**EXERCISE PROMPT:** I'd like the records transcribed exactly, leaving the images out.

**MATERIAL SUPPLIED:**

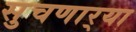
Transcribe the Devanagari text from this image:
सुचणार्‍या
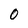
Character: 0
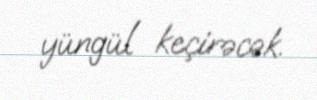
yüngül keçirəcək.
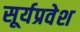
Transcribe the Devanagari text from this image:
सूर्यप्रवेश
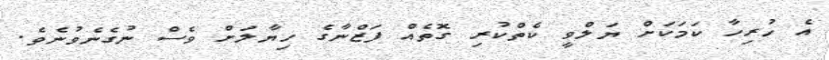
އެ ހުރިހާ ކަމަކަށް ޔަަލްވީ ކެތްކުރި ގޮތެއް ފަޒްނާގެ ހިޔާލަށް ވެސް ނުގެނެވުނެވެ.
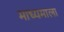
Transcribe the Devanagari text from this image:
माध्यमाला
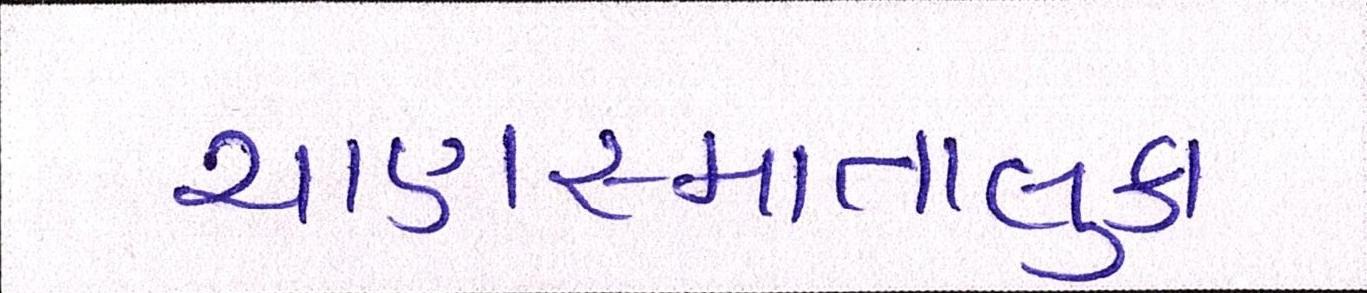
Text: ચાણસ્માતાલુકા
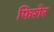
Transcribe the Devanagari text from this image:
फिशेर
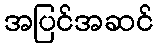
အပြင်အဆင်
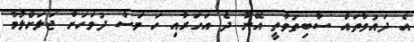
އެ ދައުވާތައް ސާބިތުވާތީ އޭނާ ދެ އަހަރާއި ހަ މަސް ދުވަހަށް ޖަލަށްލުމާ
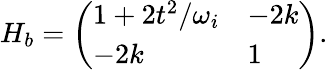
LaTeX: H_{b}=\left(\begin{array}{ll}{1+2t^{2}/\omega_{i}}&{-2k}\\ {-2k}&{1}\end{array}\right).
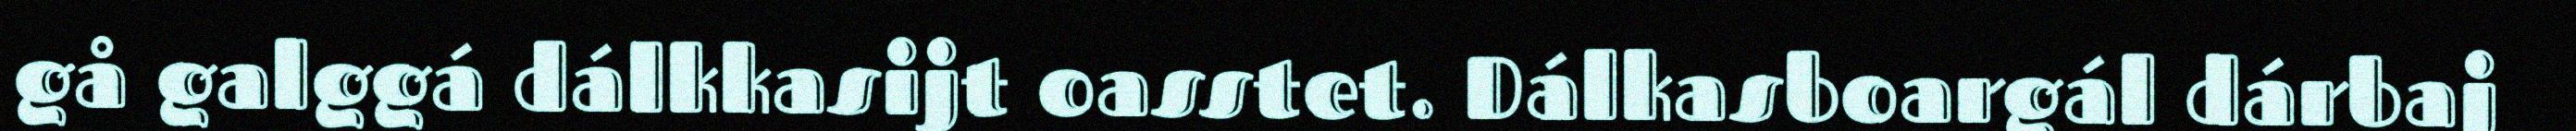
gå galggá dálkkasijt oasstet. Dálkasboargál dárbaj
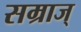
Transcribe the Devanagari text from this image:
सम्राज्
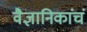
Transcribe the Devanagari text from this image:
वैज्ञानिकांचं
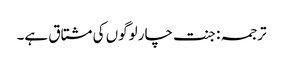
ترجمہ : جنت چار لوگوں کی مشتاق ہے۔
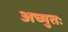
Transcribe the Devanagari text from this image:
अच्युतः
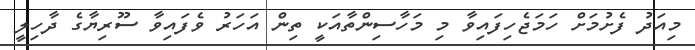
މިއަދު ފެށުމަށް ހަމަޖެހިފައިވާ މި މަހާސިންތާއަކީ ތިން އަހަރު ވެފައިވާ ސޫރިޔާގެ ދާހިލީ
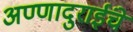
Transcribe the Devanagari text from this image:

**TASK RESULT:**
Transcribe the Devanagari text from this image:
सुचणार्‍या
Character: 0
yüngül keçirəcək.
Transcribe the Devanagari text from this image:
सूर्यप्रवेश
އެ ހުރިހާ ކަމަކަށް ޔަަލްވީ ކެތްކުރި ގޮތެއް ފަޒްނާގެ ހިޔާލަށް ވެސް ނުގެނެވުނެވެ.
Transcribe the Devanagari text from this image:
माध्यमाला
Text: ચાણસ્માતાલુકા
Transcribe the Devanagari text from this image:
फिशेर
အပြင်အဆင်
އެ ދައުވާތައް ސާބިތުވާތީ އޭނާ ދެ އަހަރާއި ހަ މަސް ދުވަހަށް ޖަލަށްލުމާ
LaTeX: H_{b}=\left(\begin{array}{ll}{1+2t^{2}/\omega_{i}}&{-2k}\\ {-2k}&{1}\end{array}\right).
gå galggá dálkkasijt oasstet. Dálkasboargál dárbaj
Transcribe the Devanagari text from this image:
सम्राज्
Transcribe the Devanagari text from this image:
वैज्ञानिकांचं
ترجمہ : جنت چار لوگوں کی مشتاق ہے۔
Transcribe the Devanagari text from this image:
अच्युतः
މިއަދު ފެށުމަށް ހަމަޖެހިފައިވާ މި މަހާސިންތާއަކީ ތިން އަހަރު ވެފައިވާ ސޫރިޔާގެ ދާހިލީ
Transcribe the Devanagari text from this image:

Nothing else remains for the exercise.